US Pharm. 2006;10:71-76.

It seems to be a reccurring theme: Pharmacy benefit managers (PBMs) establish themselves as the best way to hold down soaring pharmaceutical drug prices by managing the costs for employer groups or others that provide a prescription drug benefit for employees. These groups agree to pay the PBMs for the cost of drugs dispensed by pharmacies, along with a management fee. But after awhile, it occurs to the purchasers of this benefit that they may not be getting the best deal from the selected PBM. The PBMs get rebates from manufacturers and enjoy other areas of profit that they do not share with the purchasers. For years, PBMs have fought against any potential regulations that would make their billing practices more "transparent." Nevertheless, every year or so parties to these agreements end up in litigation with claims against the PBMs for breach of contract or failure to honor fiduciary duties. This column has addressed these issues several times over the past five years.1

Along comes a new case that illustrates the extent that state governments and pharmacies are allowed to go to in reviewing PBM practices.2 The litigation was spearheaded by a large number of individual- and chain-owned pharmacies claiming that TFI Managed Care Services, a California PBM, and many other PBMs, failed to live up to the duties required by the California statutes on economic audits and adjustments to costs and fees on a periodic basis.3

Background
There is a long history behind this battle. In 1981, the California Pharmacists Association had a bill introduced in the state legislature that would require PBM reimbursements at customary charges made by pharmacies rather than the rates unilaterally set by PBMs.
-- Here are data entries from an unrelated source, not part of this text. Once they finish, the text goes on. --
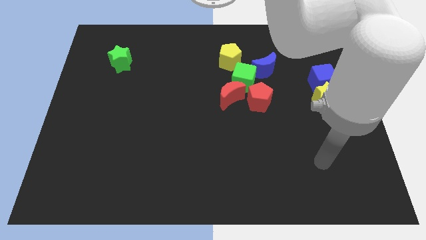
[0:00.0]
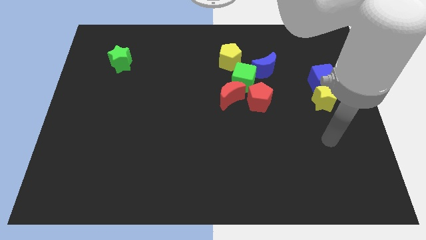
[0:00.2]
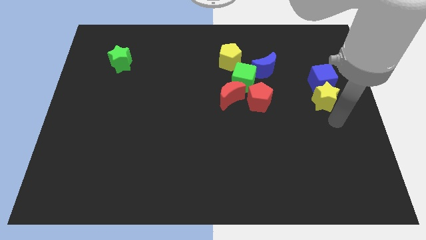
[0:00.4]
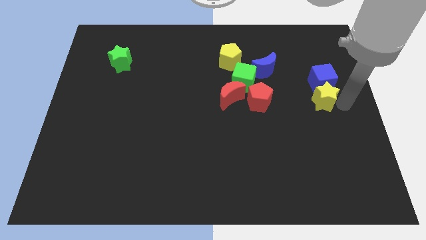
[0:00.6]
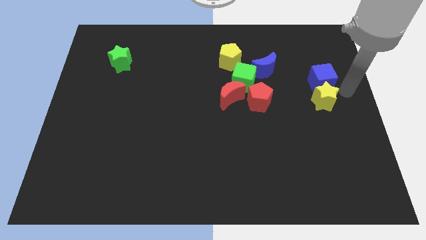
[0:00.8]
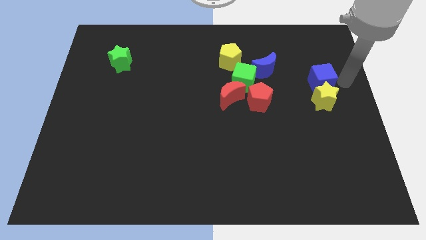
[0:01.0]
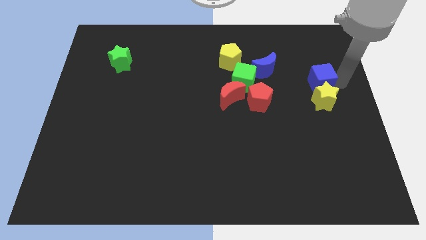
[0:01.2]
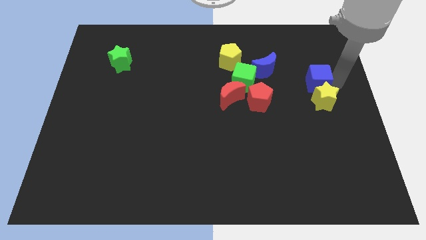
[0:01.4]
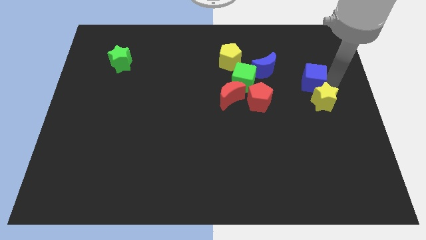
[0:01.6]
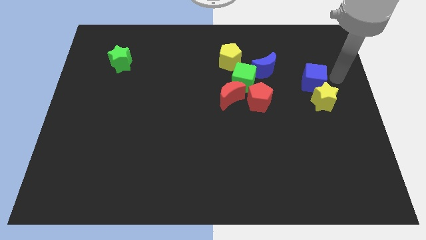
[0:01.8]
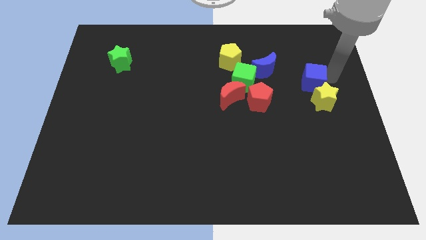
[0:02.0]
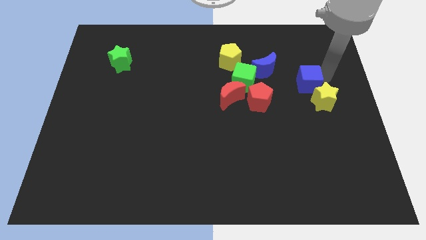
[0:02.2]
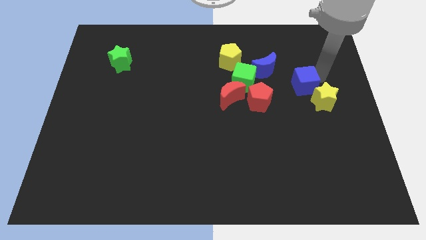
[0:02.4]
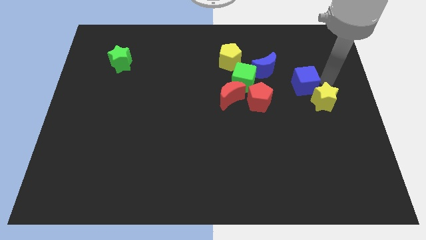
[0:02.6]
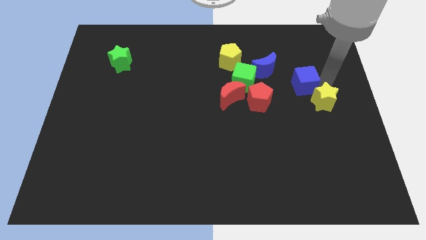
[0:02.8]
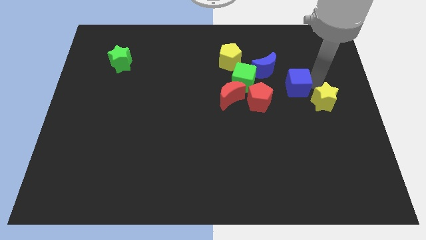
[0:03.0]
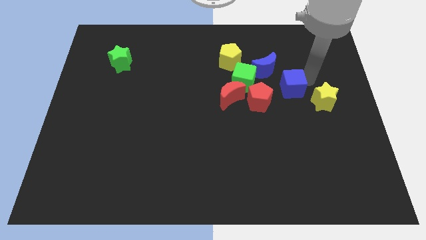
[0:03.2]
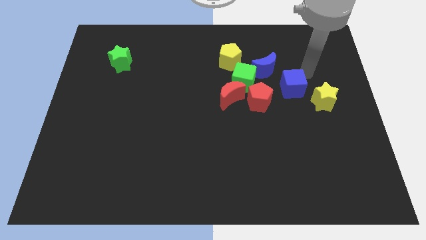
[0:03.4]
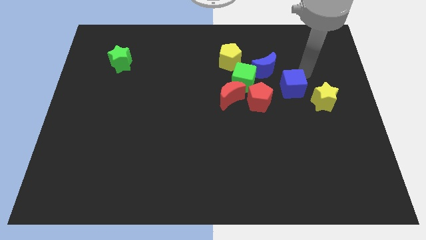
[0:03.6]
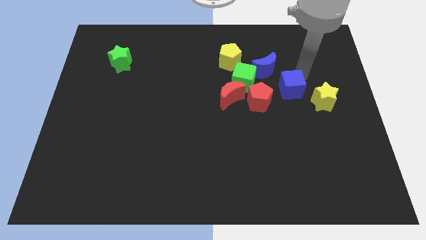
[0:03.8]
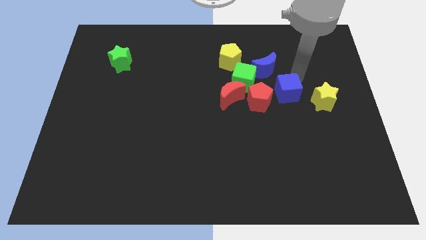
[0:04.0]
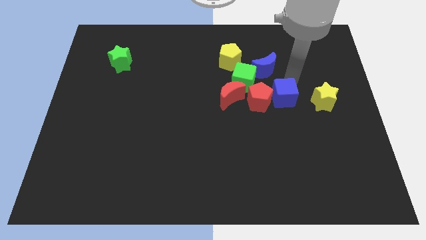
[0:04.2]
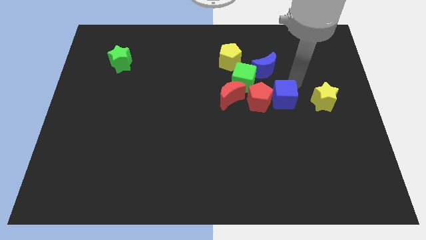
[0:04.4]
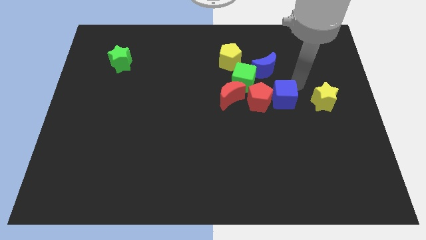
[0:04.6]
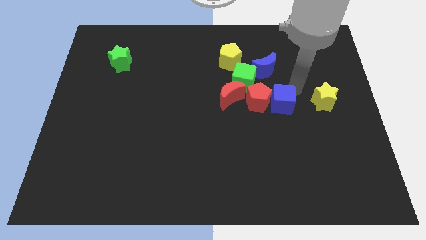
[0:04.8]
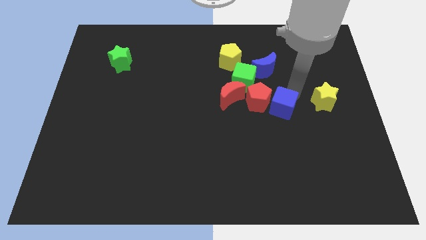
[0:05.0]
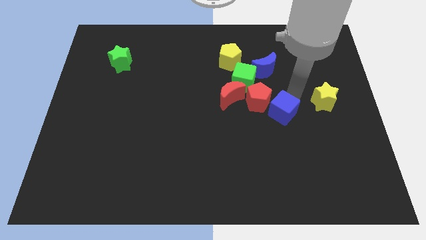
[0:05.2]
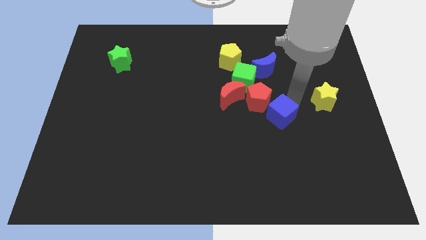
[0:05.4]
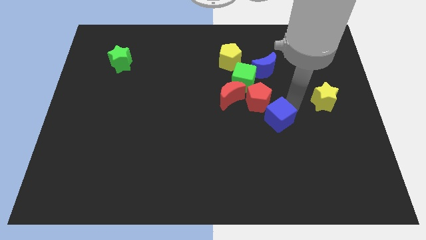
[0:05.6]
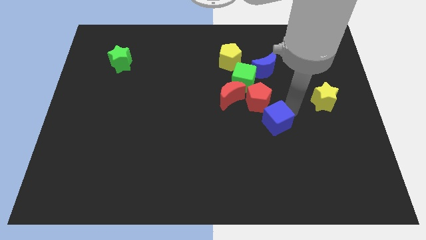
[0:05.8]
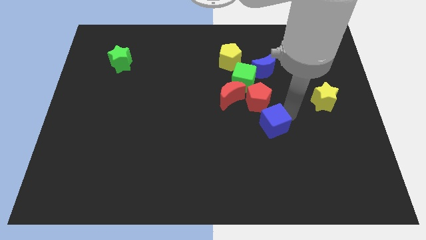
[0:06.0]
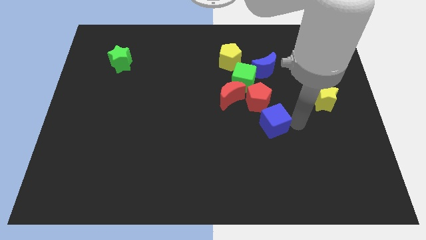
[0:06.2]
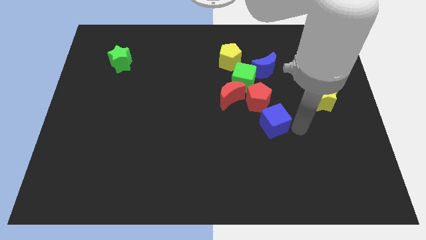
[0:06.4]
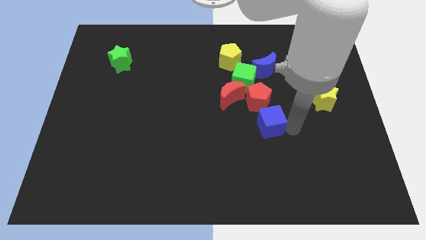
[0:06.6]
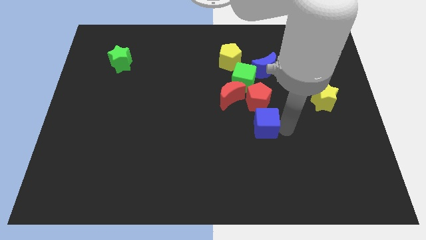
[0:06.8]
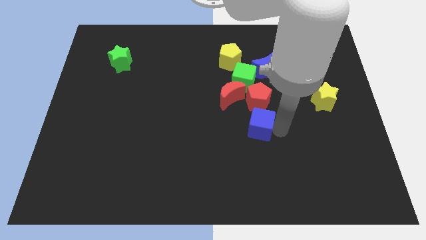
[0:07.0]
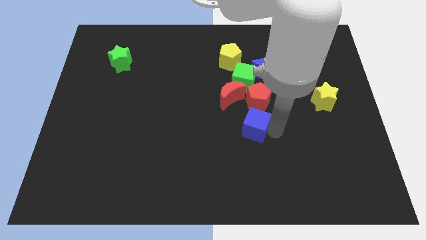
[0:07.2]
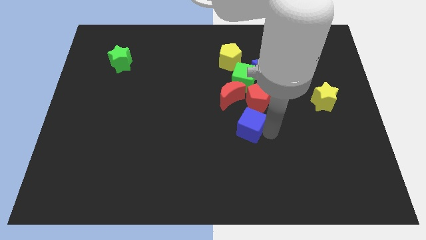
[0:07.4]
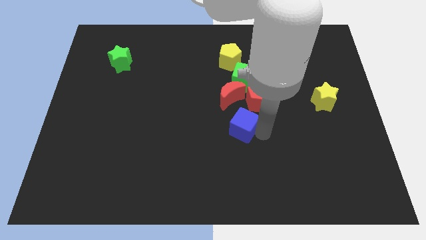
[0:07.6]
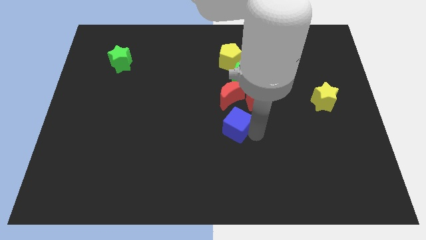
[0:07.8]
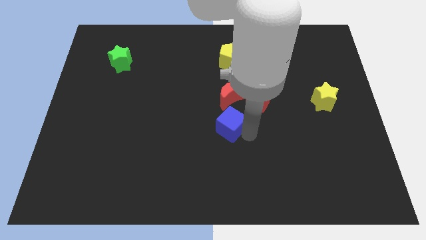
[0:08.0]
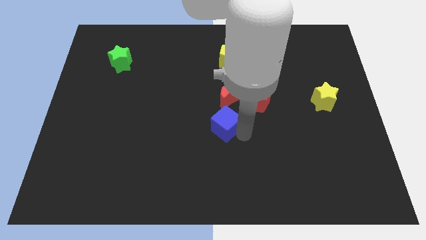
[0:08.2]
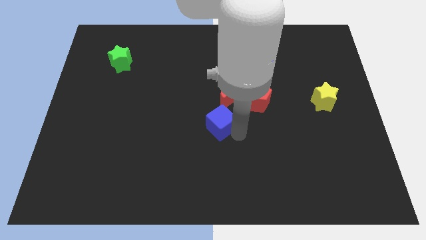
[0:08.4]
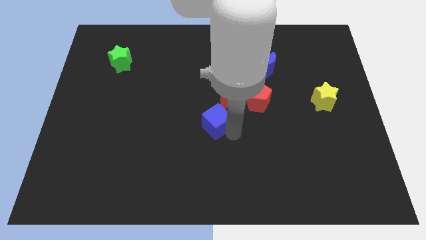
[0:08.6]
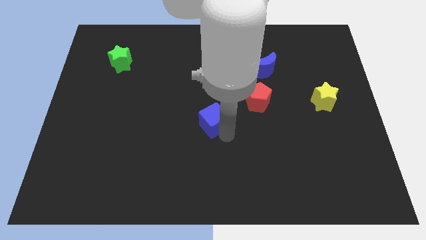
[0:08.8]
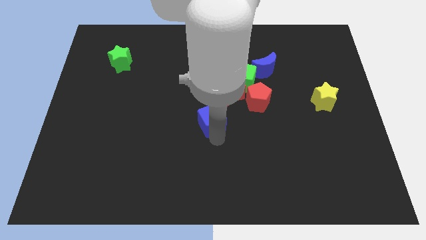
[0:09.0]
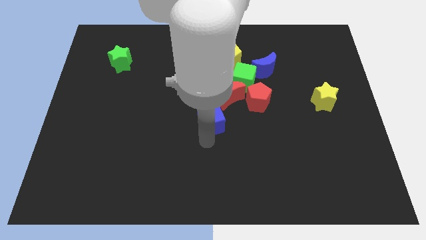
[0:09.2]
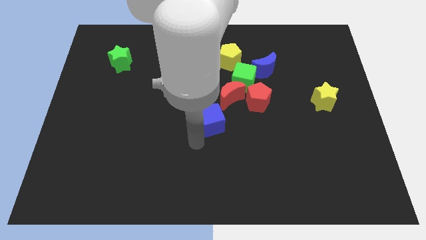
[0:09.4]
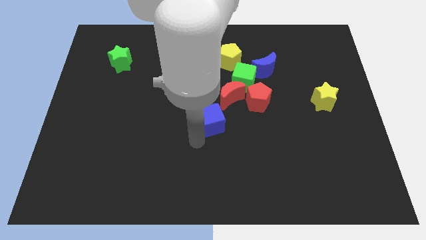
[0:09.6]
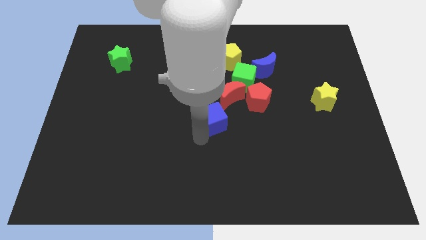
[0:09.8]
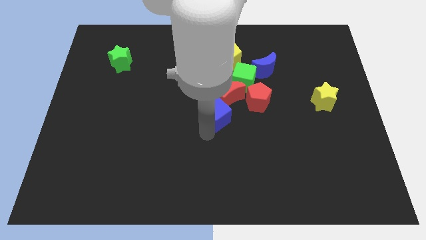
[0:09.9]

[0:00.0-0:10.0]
move the blue cube to the left

After intense lobbying by both the pharmacy representatives and those representing the PBMs, the bill that passed required PBMs only to conduct or obtain the results of biannual studies of a statistically significant sample of California pharmacies' retail drug pricing for pharmaceutical dispensing services to private uninsured customers. The PBMs then had to supply copies of those studies to "clients" on whose behalf the PBMs perform studies. The legislation came to be known as the "Prescription Drug Claims Processors Act," which is the legal name in California for regulating what everybody else calls PBMs. The act intended to regulate the relationships between the pharmacies, the PBMs, and their clients, referred to as the "third-party payors," which encompass a large variety of groups, including health insurance companies, self-insured employer groups, and union health and welfare plans. 
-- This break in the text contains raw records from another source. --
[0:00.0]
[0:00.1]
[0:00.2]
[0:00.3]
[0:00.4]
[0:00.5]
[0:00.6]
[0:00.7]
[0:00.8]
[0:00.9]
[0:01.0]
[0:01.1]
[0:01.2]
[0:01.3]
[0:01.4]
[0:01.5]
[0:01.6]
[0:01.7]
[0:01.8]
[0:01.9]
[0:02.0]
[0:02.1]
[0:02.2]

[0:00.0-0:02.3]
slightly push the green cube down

As the court envisioned the act, it stated:

A customer goes to a pharmacy with a prescription and presents both an insurance card and a copay to get the prescription. The pharmacy fills the prescription from inventory. The pharmacy then submits a claim to a PBM for reimbursement. The pharmacy usually has a contractual relationship with various PBMs to assist in performing claims processing services. A PBM coordinates certain aspects of the reimbursement relationship between pharmacies and third-party payors. The PBM processes the pharmacy's claim for reimbursement and pays the pharmacy reimbursements in the amount it unilaterally sets. The PBM, which handles claims for several third-party payors, then submits the claim to the payor and gets paid.

Legal Issues in the Trial Court
One of the more interesting aspects of this case is that the pharmacies were trying to get the state to enforce the law, because the pharmacies had very limited authority of their own to make the PBMs play by the rules. Frustrated by the apparent lack of cooperation from the state regulators, the pharmacies filed a lawsuit claiming that they were injured by the defendant PBMs for not doing the required audits and surveys and passing that data on to the third-party payors under contract to establish and maintain a prescription drug benefit.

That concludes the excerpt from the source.